What the exercise asks: Restate the records that follow word for word; no pictures should appear.

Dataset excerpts
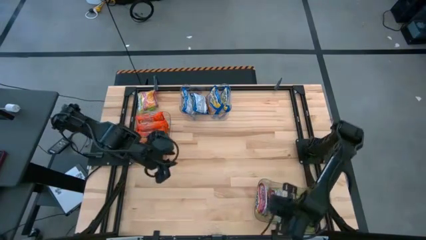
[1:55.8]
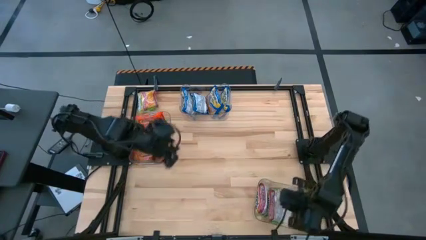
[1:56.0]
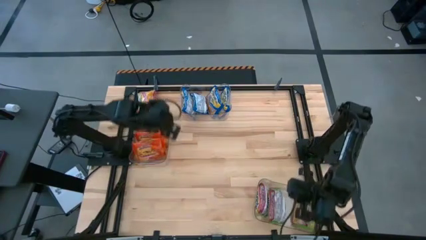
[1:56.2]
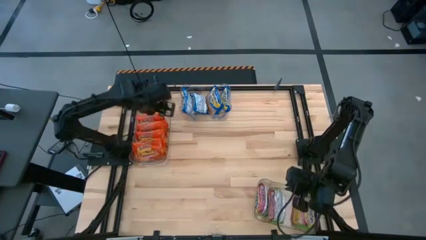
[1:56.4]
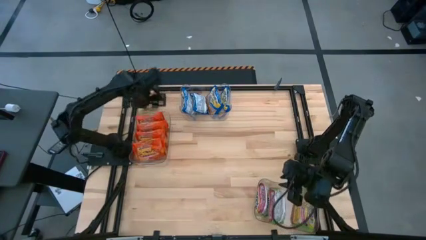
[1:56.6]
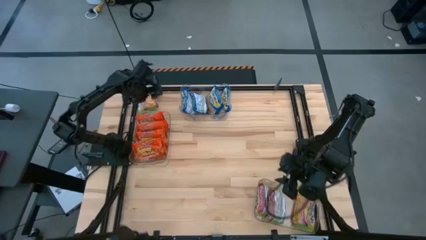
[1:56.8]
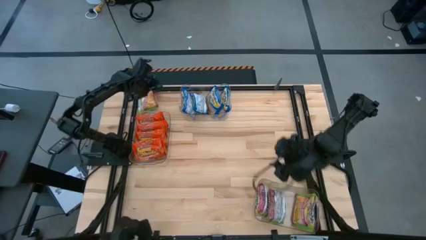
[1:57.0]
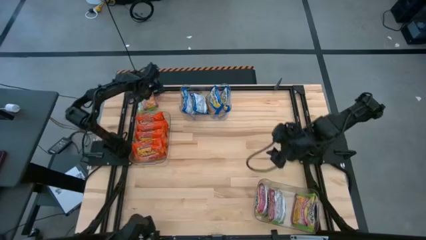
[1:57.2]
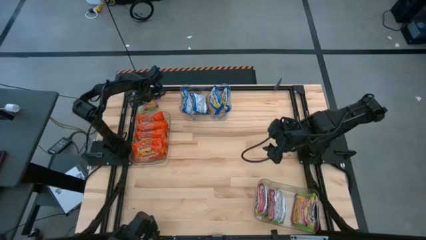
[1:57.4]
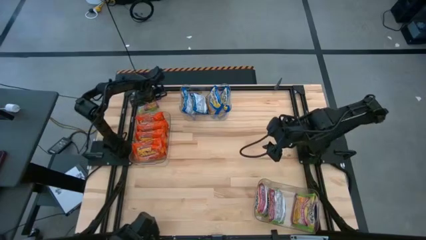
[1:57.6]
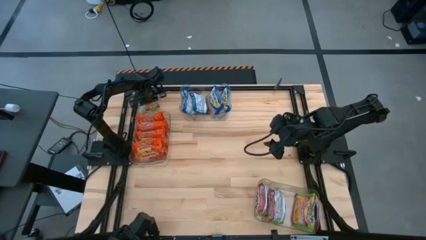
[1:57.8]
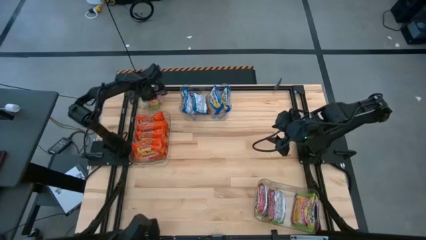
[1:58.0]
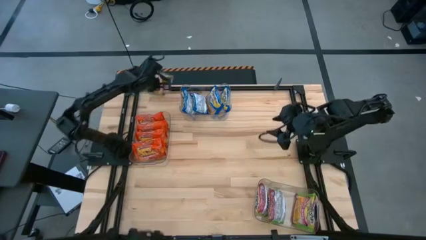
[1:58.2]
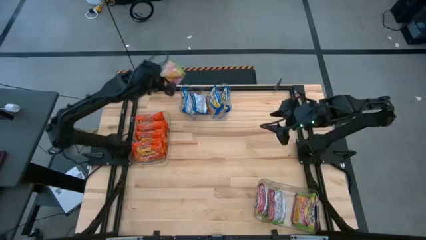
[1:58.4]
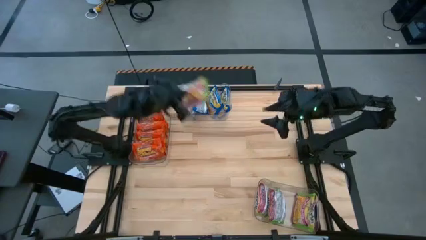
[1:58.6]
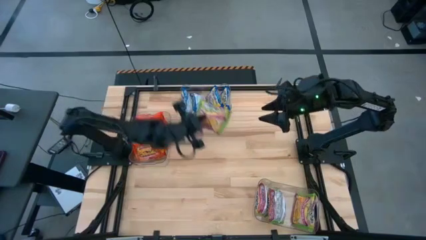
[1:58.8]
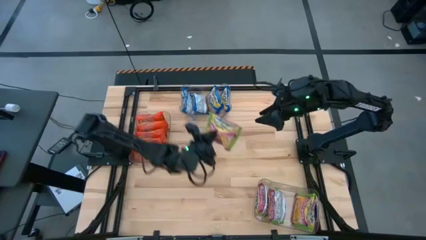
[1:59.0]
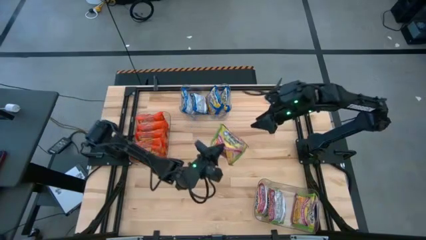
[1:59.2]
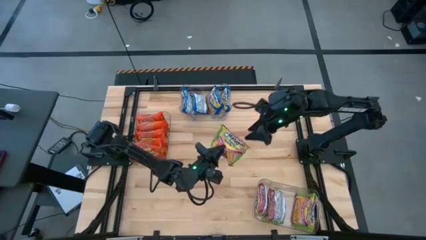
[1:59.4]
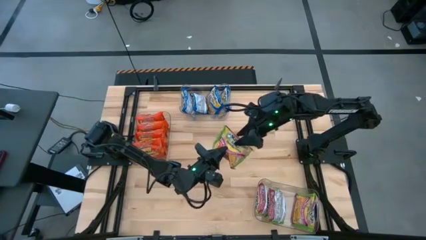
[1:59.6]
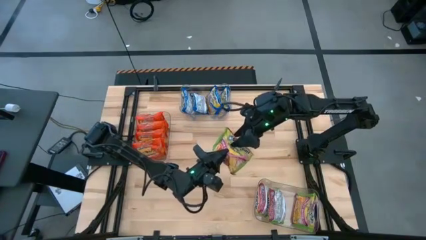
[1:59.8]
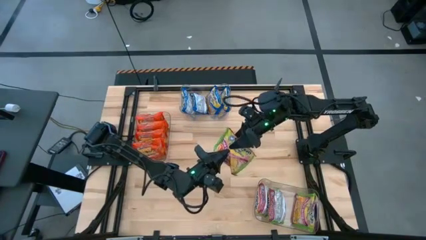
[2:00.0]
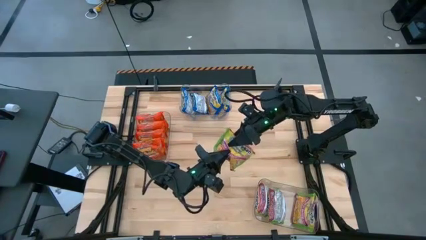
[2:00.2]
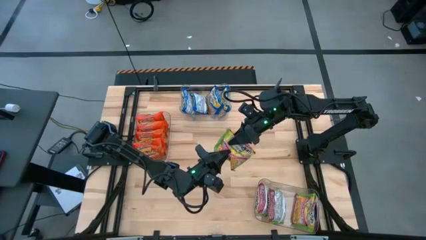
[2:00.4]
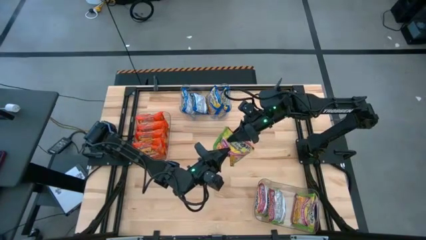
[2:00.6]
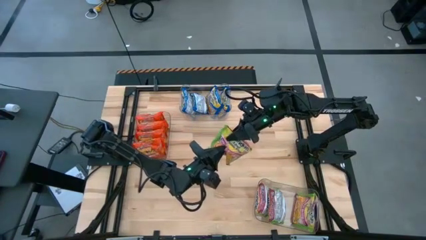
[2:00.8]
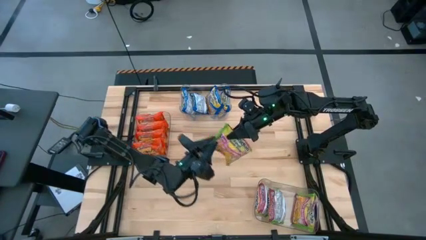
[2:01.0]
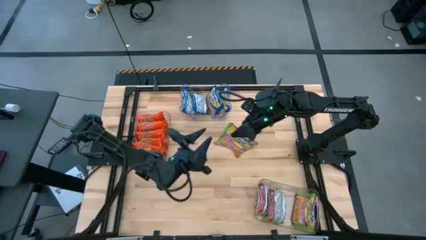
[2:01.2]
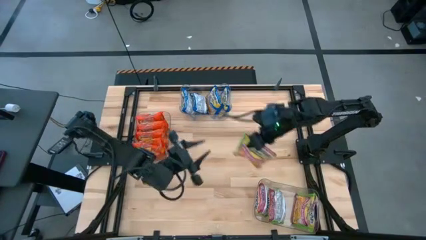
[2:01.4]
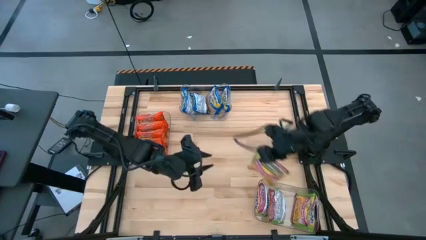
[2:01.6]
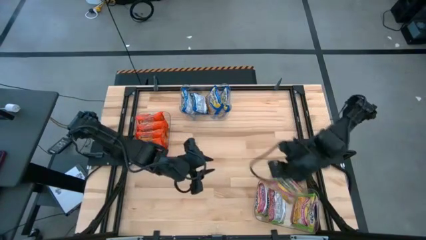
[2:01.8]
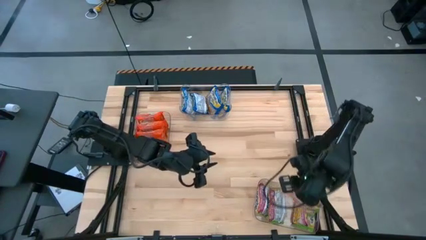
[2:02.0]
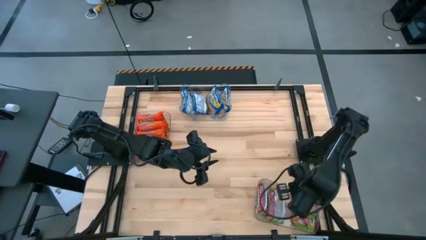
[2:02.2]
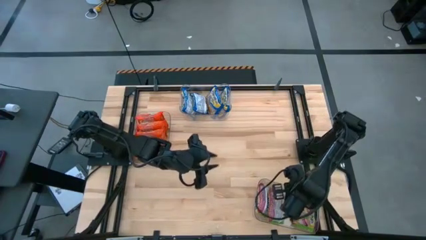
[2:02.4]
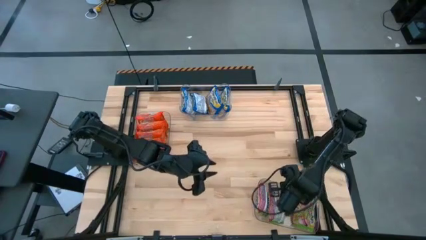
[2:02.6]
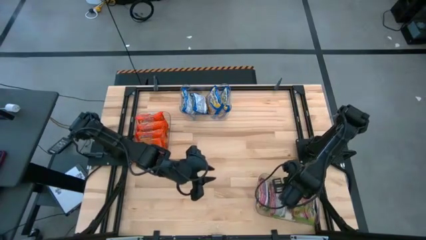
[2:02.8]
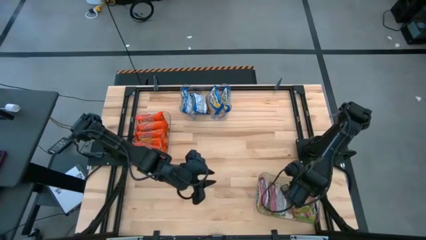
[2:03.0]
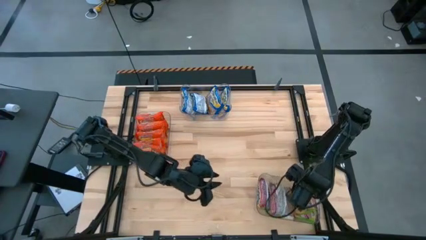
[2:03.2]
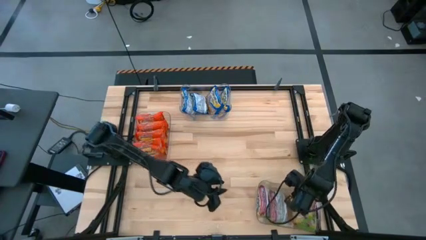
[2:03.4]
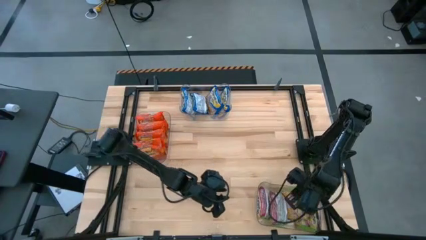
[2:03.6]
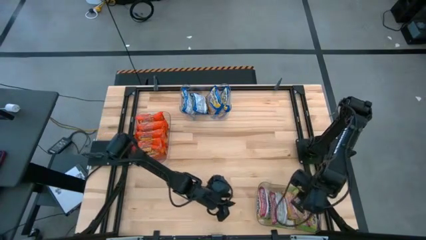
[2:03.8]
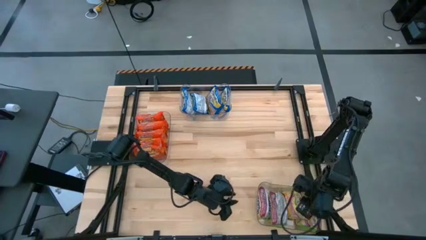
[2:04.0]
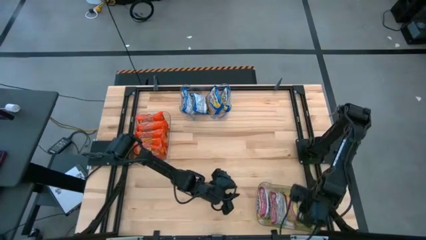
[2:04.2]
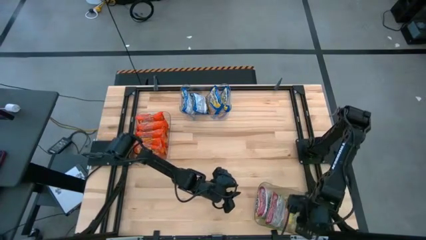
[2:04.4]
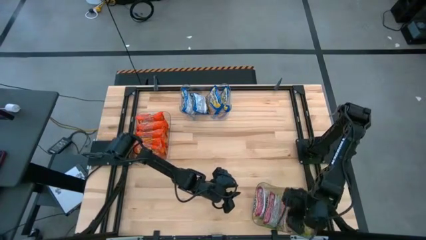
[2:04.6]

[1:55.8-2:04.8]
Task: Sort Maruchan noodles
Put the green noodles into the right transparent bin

Answer:
[1:55.8]
[1:56.0]
[1:56.2]
[1:56.4]
[1:56.6]
[1:56.8]
[1:57.0]
[1:57.2]
[1:57.4]
[1:57.6]
[1:57.8]
[1:58.0]
[1:58.2]
[1:58.4]
[1:58.6]
[1:58.8]
[1:59.0]
[1:59.2]
[1:59.4]
[1:59.6]
[1:59.8]
[2:00.0]
[2:00.2]
[2:00.4]
[2:00.6]
[2:00.8]
[2:01.0]
[2:01.2]
[2:01.4]
[2:01.6]
[2:01.8]
[2:02.0]
[2:02.2]
[2:02.4]
[2:02.6]
[2:02.8]
[2:03.0]
[2:03.2]
[2:03.4]
[2:03.6]
[2:03.8]
[2:04.0]
[2:04.2]
[2:04.4]
[2:04.6]

[1:55.8-2:04.8]
Task: Sort Maruchan noodles
Put the green noodles into the right transparent bin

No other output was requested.